[Records contained in a dataset]
<<<<

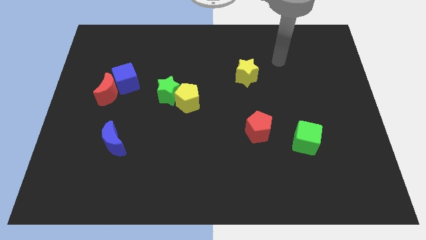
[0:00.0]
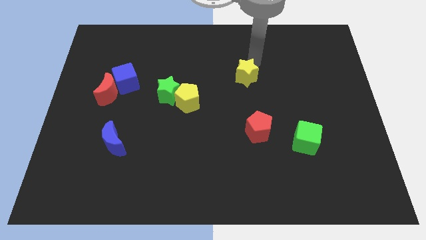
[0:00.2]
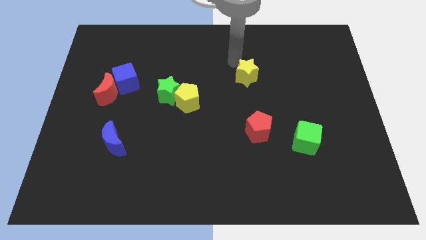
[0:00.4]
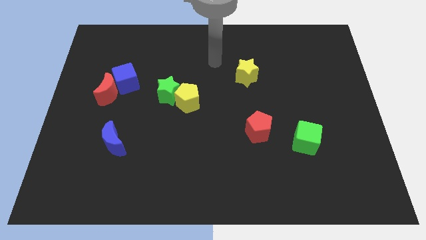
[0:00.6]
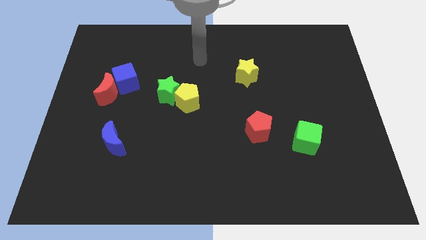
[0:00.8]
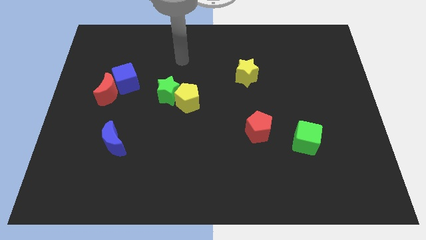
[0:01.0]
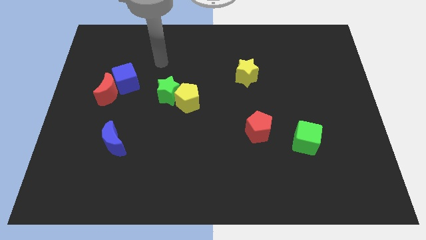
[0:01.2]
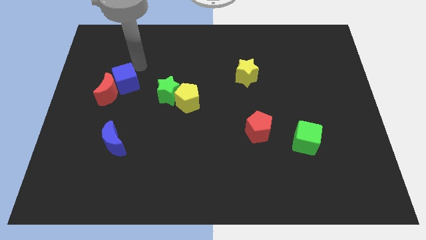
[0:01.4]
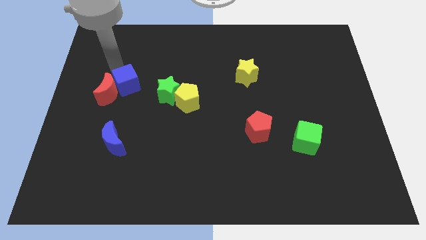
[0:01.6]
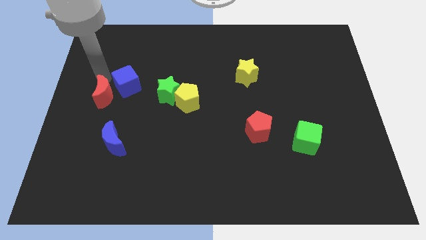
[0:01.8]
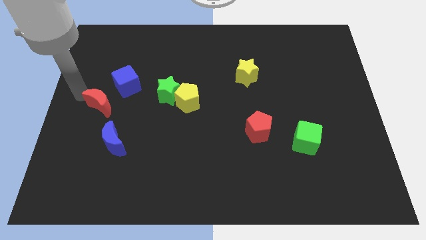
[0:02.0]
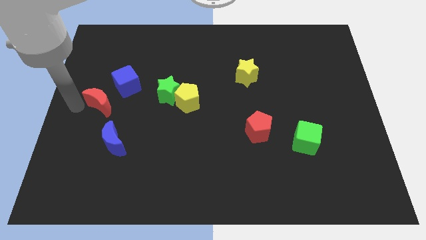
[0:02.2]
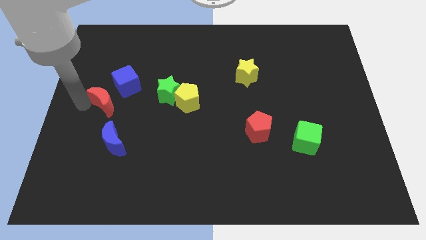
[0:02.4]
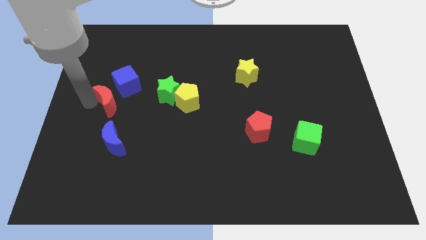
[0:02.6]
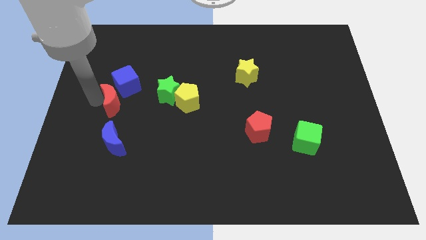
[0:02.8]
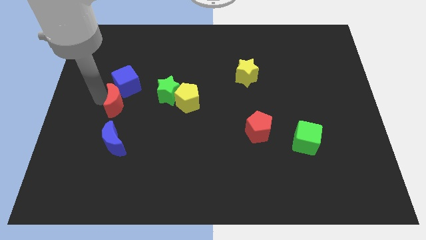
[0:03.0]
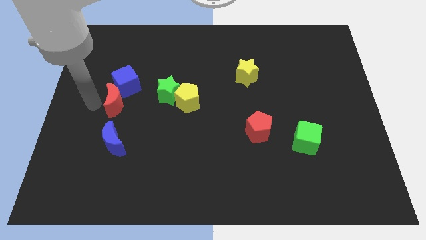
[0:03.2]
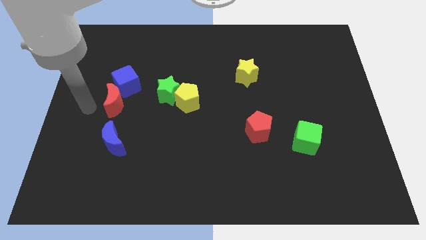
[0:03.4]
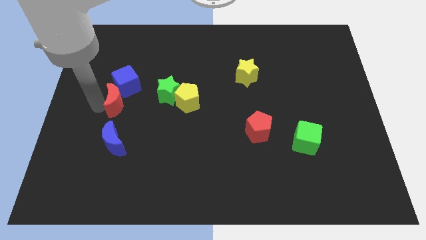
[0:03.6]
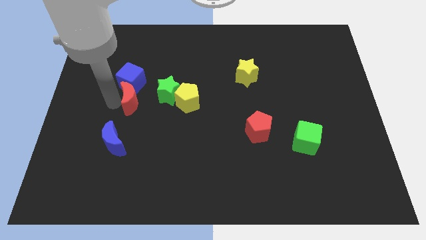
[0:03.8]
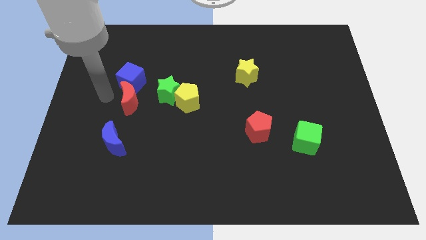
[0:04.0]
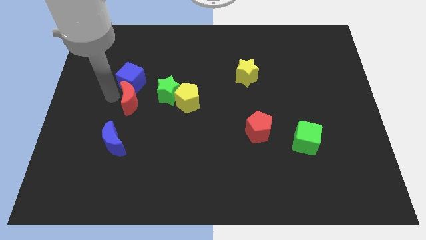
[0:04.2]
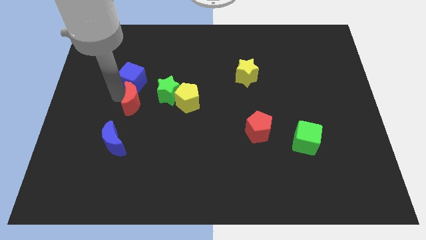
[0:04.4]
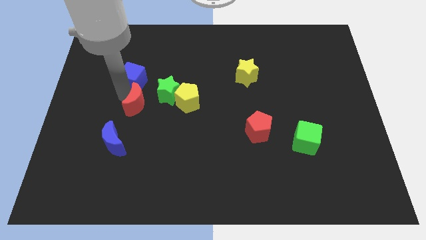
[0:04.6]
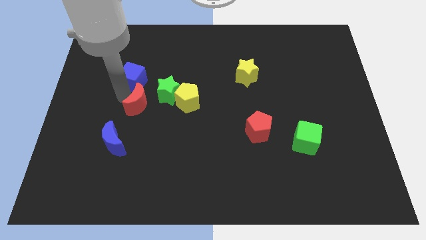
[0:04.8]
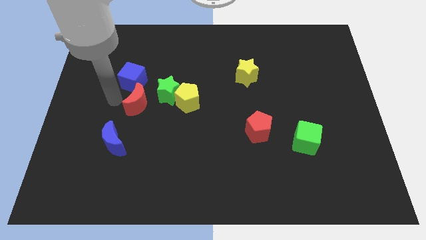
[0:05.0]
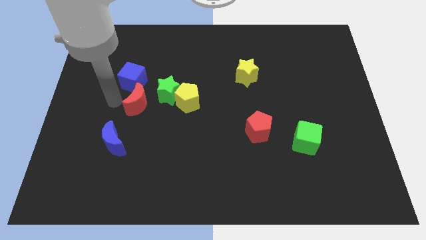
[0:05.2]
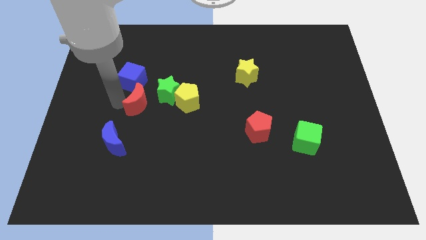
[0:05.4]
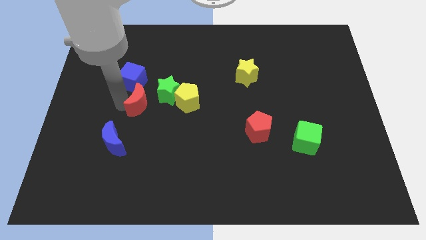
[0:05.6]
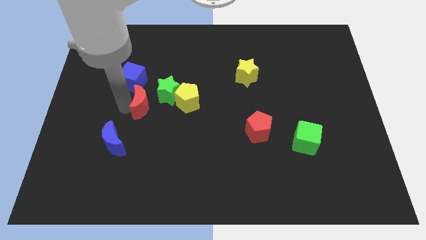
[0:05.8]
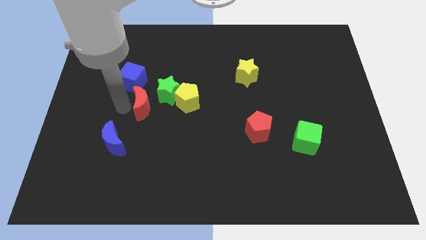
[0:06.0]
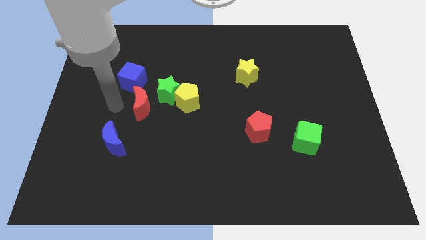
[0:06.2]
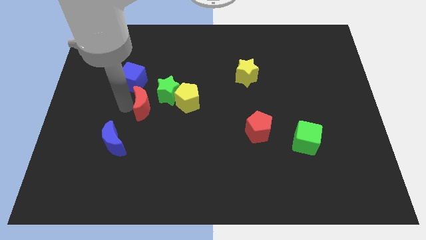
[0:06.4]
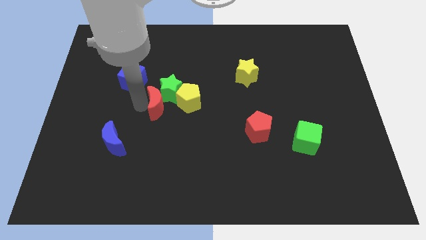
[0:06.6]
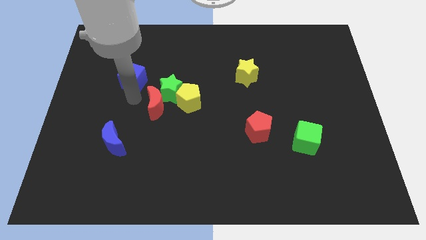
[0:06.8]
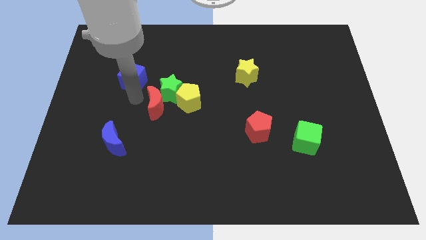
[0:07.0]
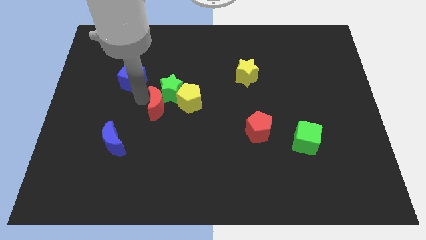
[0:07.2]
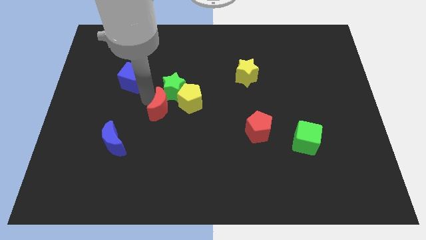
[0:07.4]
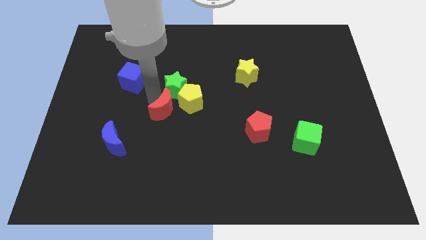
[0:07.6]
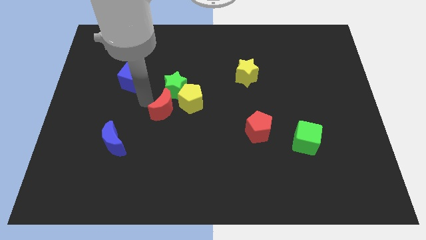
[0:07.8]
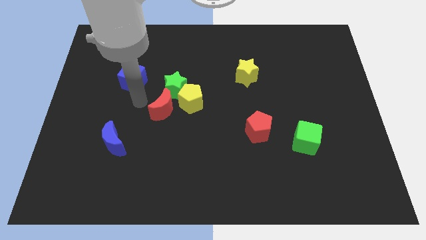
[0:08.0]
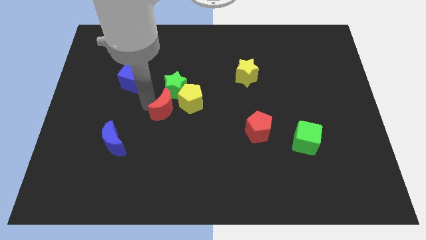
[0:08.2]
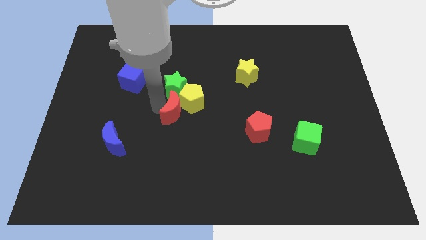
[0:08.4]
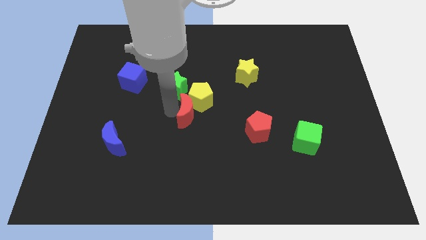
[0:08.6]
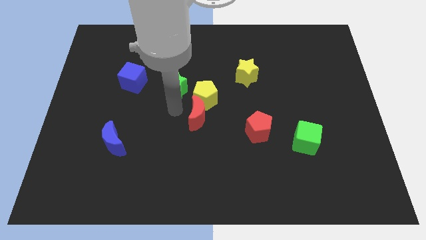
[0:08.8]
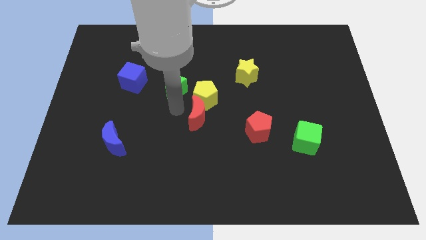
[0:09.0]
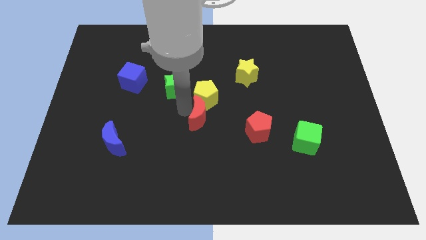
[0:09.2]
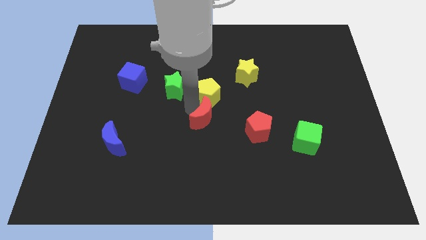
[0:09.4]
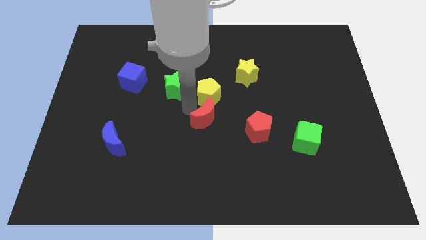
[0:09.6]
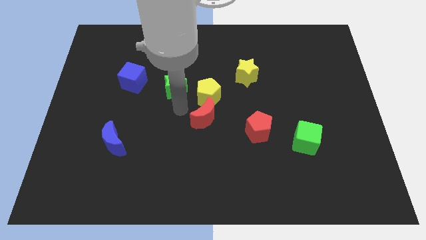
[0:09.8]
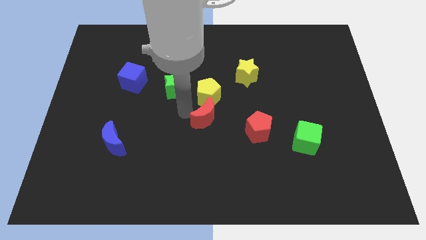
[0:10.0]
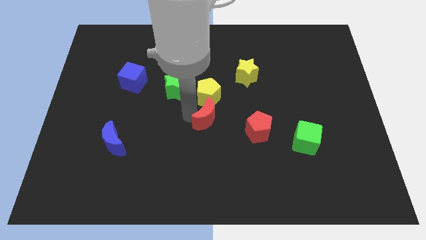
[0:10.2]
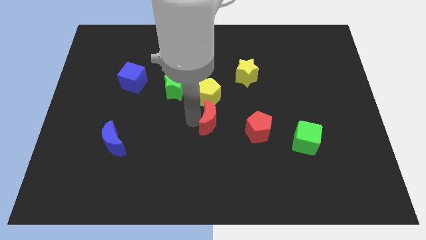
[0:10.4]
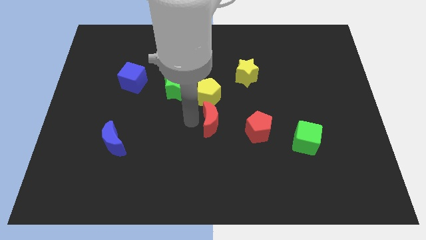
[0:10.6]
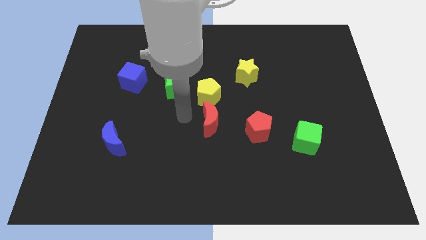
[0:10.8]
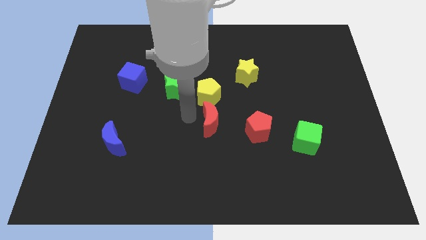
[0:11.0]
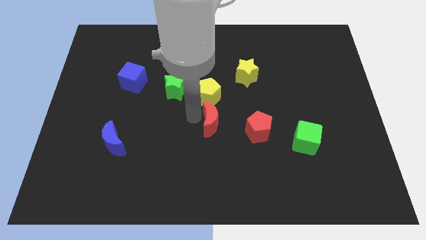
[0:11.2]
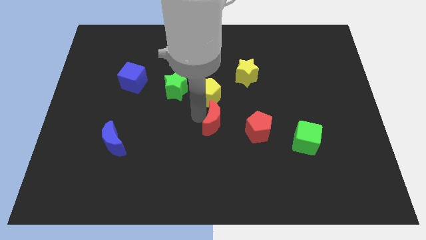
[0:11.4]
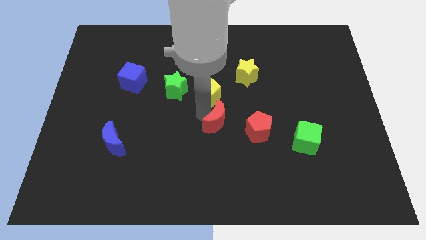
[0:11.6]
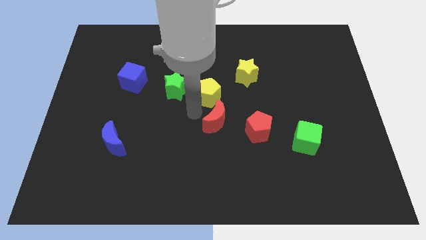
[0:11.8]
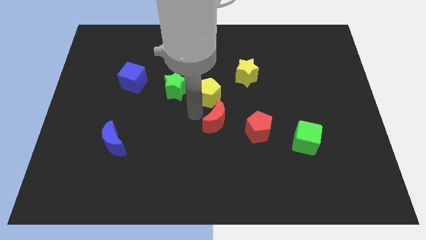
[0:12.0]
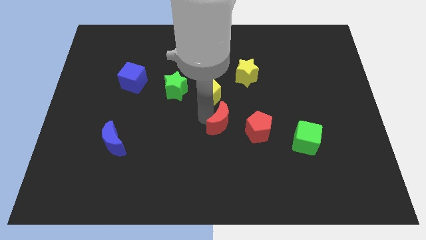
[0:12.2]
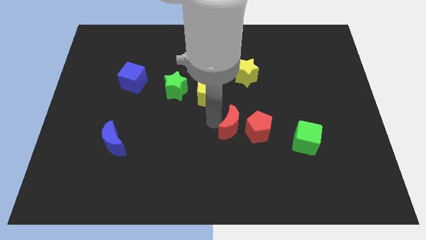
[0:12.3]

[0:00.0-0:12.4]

>>>>

> TASK STATEMENT: With the pictures stripped out, return each record word for word.

> RESULT FOR THIS EXERCISE:
[0:00.0]
[0:00.2]
[0:00.4]
[0:00.6]
[0:00.8]
[0:01.0]
[0:01.2]
[0:01.4]
[0:01.6]
[0:01.8]
[0:02.0]
[0:02.2]
[0:02.4]
[0:02.6]
[0:02.8]
[0:03.0]
[0:03.2]
[0:03.4]
[0:03.6]
[0:03.8]
[0:04.0]
[0:04.2]
[0:04.4]
[0:04.6]
[0:04.8]
[0:05.0]
[0:05.2]
[0:05.4]
[0:05.6]
[0:05.8]
[0:06.0]
[0:06.2]
[0:06.4]
[0:06.6]
[0:06.8]
[0:07.0]
[0:07.2]
[0:07.4]
[0:07.6]
[0:07.8]
[0:08.0]
[0:08.2]
[0:08.4]
[0:08.6]
[0:08.8]
[0:09.0]
[0:09.2]
[0:09.4]
[0:09.6]
[0:09.8]
[0:10.0]
[0:10.2]
[0:10.4]
[0:10.6]
[0:10.8]
[0:11.0]
[0:11.2]
[0:11.4]
[0:11.6]
[0:11.8]
[0:12.0]
[0:12.2]
[0:12.3]

[0:00.0-0:12.4]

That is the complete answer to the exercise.